## Problem requirements
Word for word, reproduce the data that follows.

····················

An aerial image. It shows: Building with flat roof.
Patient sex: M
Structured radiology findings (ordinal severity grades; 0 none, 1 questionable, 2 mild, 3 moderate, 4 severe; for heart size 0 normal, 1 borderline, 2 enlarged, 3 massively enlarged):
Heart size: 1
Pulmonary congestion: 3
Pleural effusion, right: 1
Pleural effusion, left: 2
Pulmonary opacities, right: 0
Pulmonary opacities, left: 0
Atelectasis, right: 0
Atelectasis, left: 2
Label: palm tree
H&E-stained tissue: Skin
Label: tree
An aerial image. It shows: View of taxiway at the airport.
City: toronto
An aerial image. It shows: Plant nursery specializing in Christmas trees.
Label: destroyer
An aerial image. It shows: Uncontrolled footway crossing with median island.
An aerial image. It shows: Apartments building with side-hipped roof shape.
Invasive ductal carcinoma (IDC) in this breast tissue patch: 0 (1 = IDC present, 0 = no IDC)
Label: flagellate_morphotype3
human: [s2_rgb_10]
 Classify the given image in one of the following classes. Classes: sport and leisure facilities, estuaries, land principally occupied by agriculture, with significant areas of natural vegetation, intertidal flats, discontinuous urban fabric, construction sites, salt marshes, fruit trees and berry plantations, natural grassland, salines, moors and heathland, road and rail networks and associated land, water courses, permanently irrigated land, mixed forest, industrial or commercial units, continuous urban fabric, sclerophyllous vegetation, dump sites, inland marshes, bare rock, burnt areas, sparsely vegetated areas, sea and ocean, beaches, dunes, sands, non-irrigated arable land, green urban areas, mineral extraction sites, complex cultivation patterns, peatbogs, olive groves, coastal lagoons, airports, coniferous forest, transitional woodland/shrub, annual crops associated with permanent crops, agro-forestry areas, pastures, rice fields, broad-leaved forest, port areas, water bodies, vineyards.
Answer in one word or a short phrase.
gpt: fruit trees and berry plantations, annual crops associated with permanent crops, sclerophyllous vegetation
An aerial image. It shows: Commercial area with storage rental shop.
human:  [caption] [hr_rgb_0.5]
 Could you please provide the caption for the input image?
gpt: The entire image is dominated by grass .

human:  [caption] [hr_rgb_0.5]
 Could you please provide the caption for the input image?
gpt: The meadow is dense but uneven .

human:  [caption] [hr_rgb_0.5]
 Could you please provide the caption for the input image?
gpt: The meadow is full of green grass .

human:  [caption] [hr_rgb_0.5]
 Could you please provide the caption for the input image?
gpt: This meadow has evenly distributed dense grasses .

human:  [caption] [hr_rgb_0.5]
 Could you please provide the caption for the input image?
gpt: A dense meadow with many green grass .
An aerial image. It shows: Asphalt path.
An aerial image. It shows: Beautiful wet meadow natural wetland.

····················

## Exercise answer
An aerial image. It shows: Building with flat roof.
Patient sex: M
Structured radiology findings (ordinal severity grades; 0 none, 1 questionable, 2 mild, 3 moderate, 4 severe; for heart size 0 normal, 1 borderline, 2 enlarged, 3 massively enlarged):
Heart size: 1
Pulmonary congestion: 3
Pleural effusion, right: 1
Pleural effusion, left: 2
Pulmonary opacities, right: 0
Pulmonary opacities, left: 0
Atelectasis, right: 0
Atelectasis, left: 2
Label: palm tree
H&E-stained tissue: Skin
Label: tree
An aerial image. It shows: View of taxiway at the airport.
City: toronto
An aerial image. It shows: Plant nursery specializing in Christmas trees.
Label: destroyer
An aerial image. It shows: Uncontrolled footway crossing with median island.
An aerial image. It shows: Apartments building with side-hipped roof shape.
Invasive ductal carcinoma (IDC) in this breast tissue patch: 0 (1 = IDC present, 0 = no IDC)
Label: flagellate_morphotype3
human: [s2_rgb_10]
 Classify the given image in one of the following classes. Classes: sport and leisure facilities, estuaries, land principally occupied by agriculture, with significant areas of natural vegetation, intertidal flats, discontinuous urban fabric, construction sites, salt marshes, fruit trees and berry plantations, natural grassland, salines, moors and heathland, road and rail networks and associated land, water courses, permanently irrigated land, mixed forest, industrial or commercial units, continuous urban fabric, sclerophyllous vegetation, dump sites, inland marshes, bare rock, burnt areas, sparsely vegetated areas, sea and ocean, beaches, dunes, sands, non-irrigated arable land, green urban areas, mineral extraction sites, complex cultivation patterns, peatbogs, olive groves, coastal lagoons, airports, coniferous forest, transitional woodland/shrub, annual crops associated with permanent crops, agro-forestry areas, pastures, rice fields, broad-leaved forest, port areas, water bodies, vineyards.
Answer in one word or a short phrase.
gpt: fruit trees and berry plantations, annual crops associated with permanent crops, sclerophyllous vegetation
An aerial image. It shows: Commercial area with storage rental shop.
human:  [caption] [hr_rgb_0.5]
 Could you please provide the caption for the input image?
gpt: The entire image is dominated by grass .

human:  [caption] [hr_rgb_0.5]
 Could you please provide the caption for the input image?
gpt: The meadow is dense but uneven .

human:  [caption] [hr_rgb_0.5]
 Could you please provide the caption for the input image?
gpt: The meadow is full of green grass .

human:  [caption] [hr_rgb_0.5]
 Could you please provide the caption for the input image?
gpt: This meadow has evenly distributed dense grasses .

human:  [caption] [hr_rgb_0.5]
 Could you please provide the caption for the input image?
gpt: A dense meadow with many green grass .
An aerial image. It shows: Asphalt path.
An aerial image. It shows: Beautiful wet meadow natural wetland.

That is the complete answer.